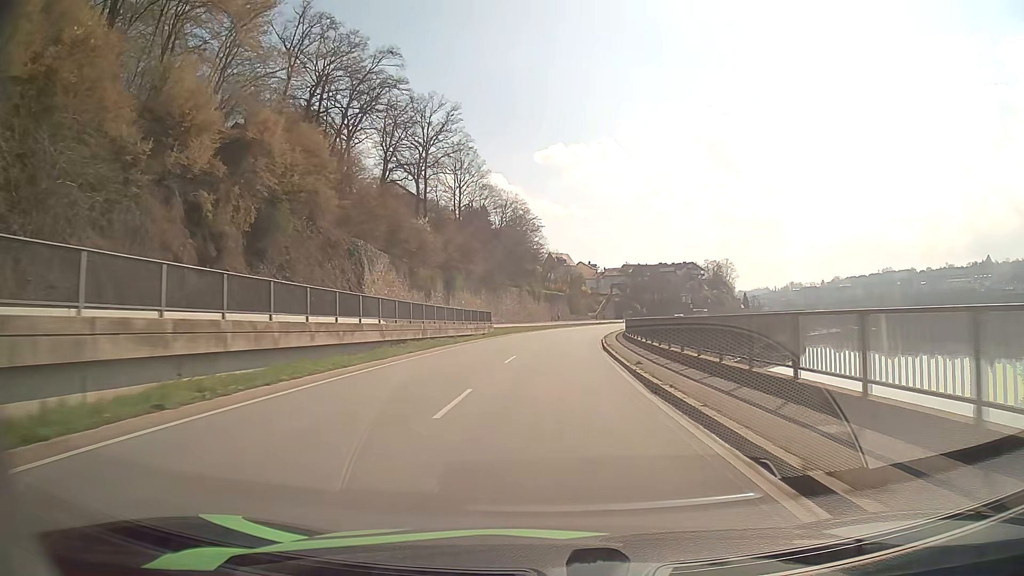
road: primary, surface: asphalt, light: Day
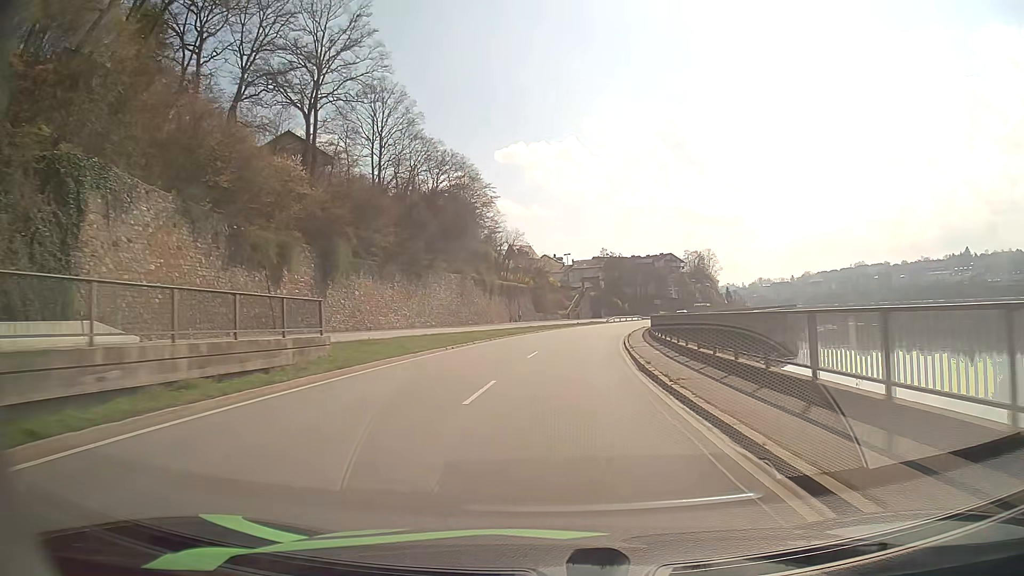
(+0.6, +34.5) m; +3°
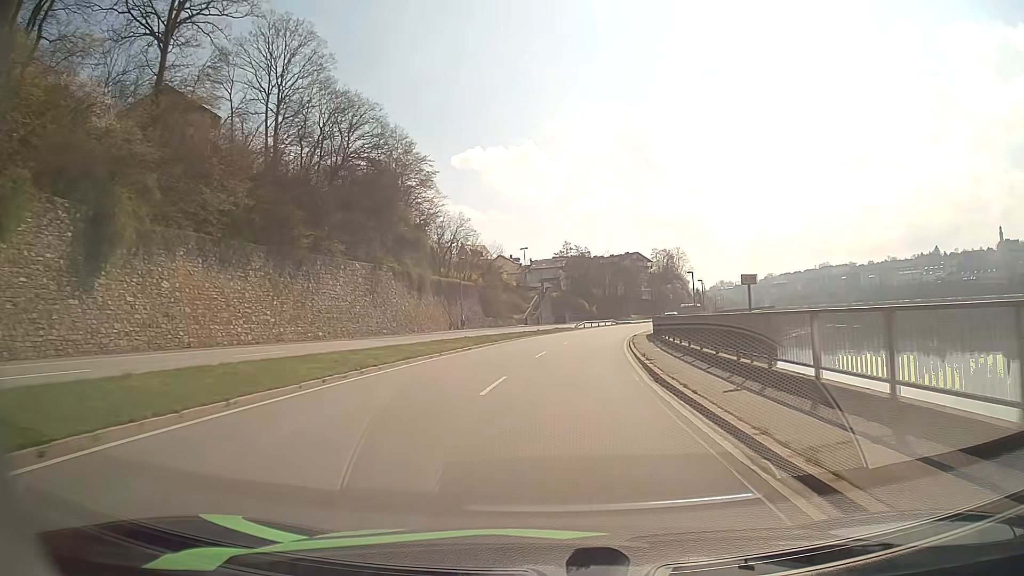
(+0.7, +22.1) m; +3°
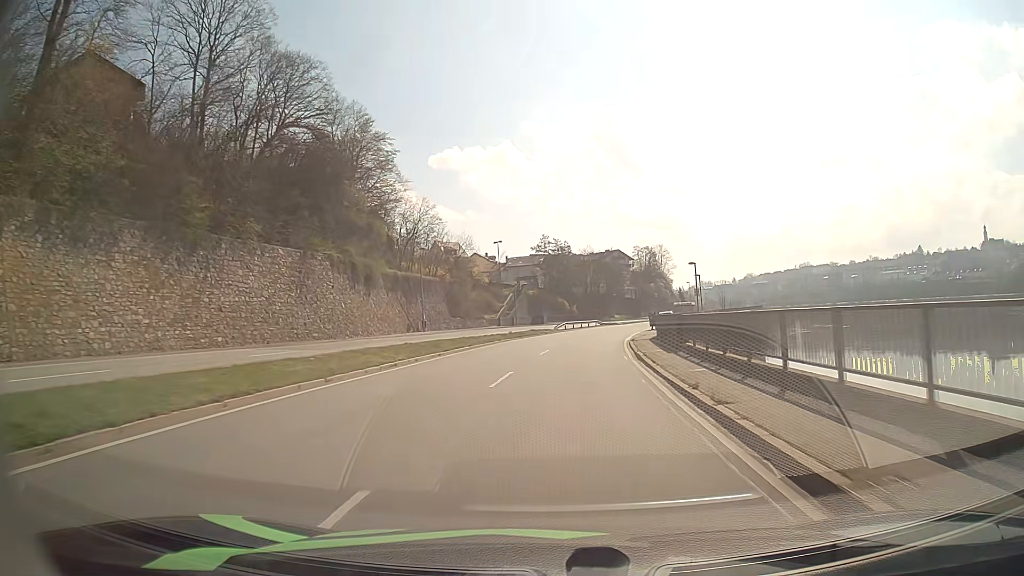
(+0.2, +11.0) m; +2°
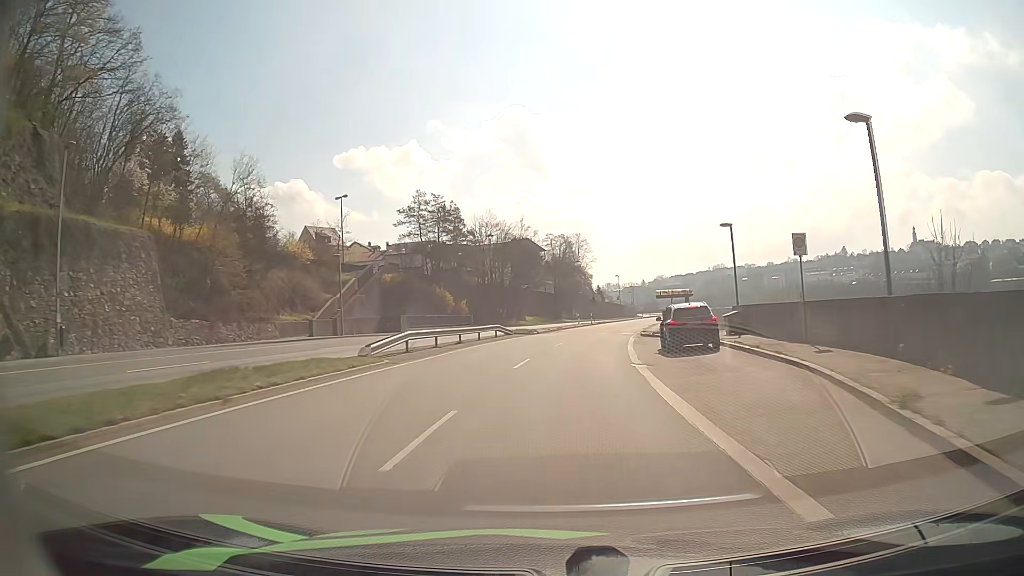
(+3.0, +43.1) m; +8°
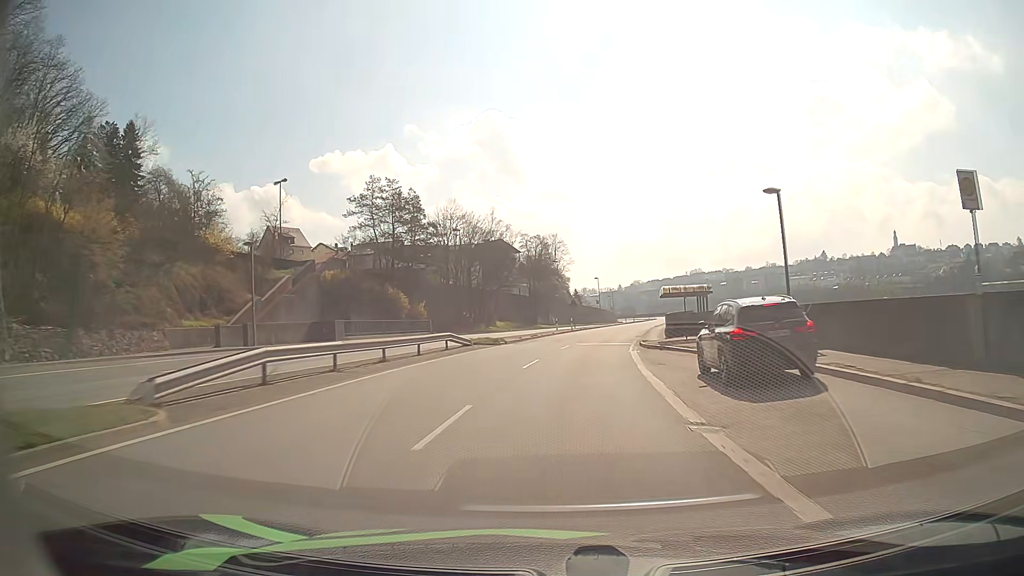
(+0.2, +10.7) m; +2°
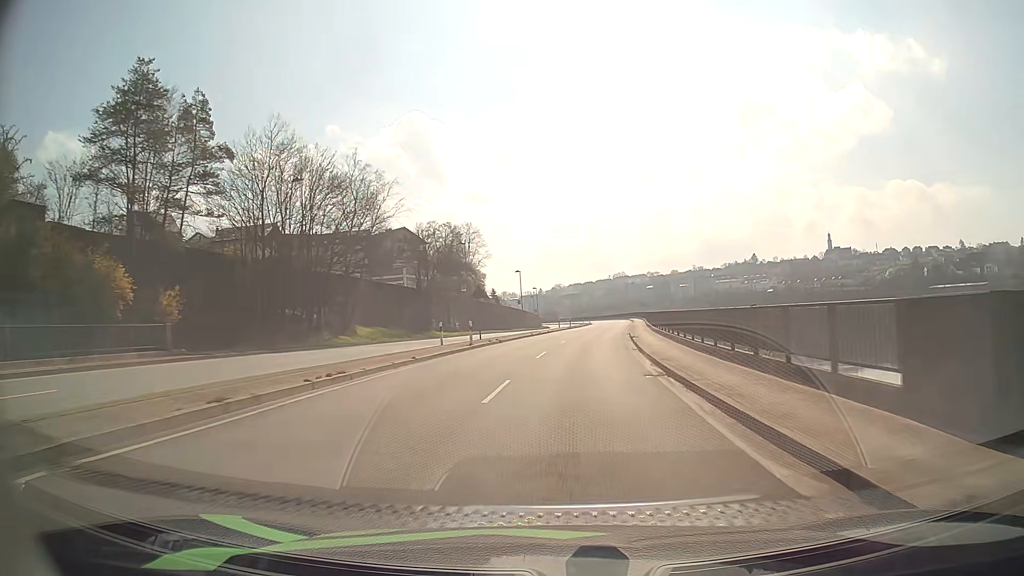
(+1.9, +31.8) m; +7°
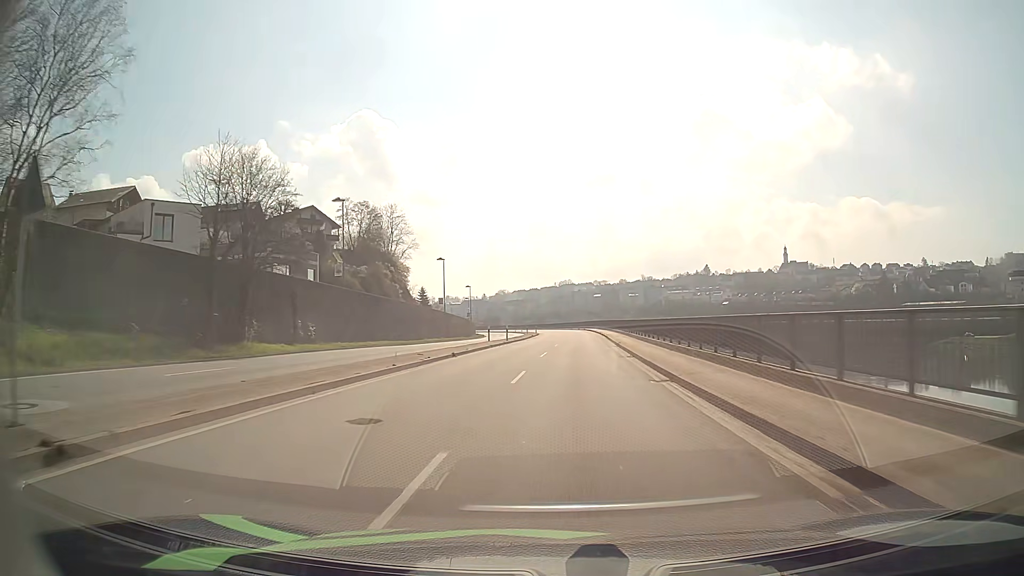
(+1.4, +31.8) m; +5°
(0, +10) (+1, +20) (+1, +30) (+2, +40) (+2, +50) (+3, +60) (+3, +70) (+4, +80) (+4, +90) (+4, +100) m

ABOUT THIS EXERCISE
Quote every line of the records above exactly; no picture is to be copied.

TASK OUTPUT
road: primary, surface: asphalt, light: Day
(+0.6, +34.5) m; +3°
(+0.7, +22.1) m; +3°
(+0.2, +11.0) m; +2°
(+3.0, +43.1) m; +8°
(+0.2, +10.7) m; +2°
(+1.9, +31.8) m; +7°
(+1.4, +31.8) m; +5°
(0, +10) (+1, +20) (+1, +30) (+2, +40) (+2, +50) (+3, +60) (+3, +70) (+4, +80) (+4, +90) (+4, +100) m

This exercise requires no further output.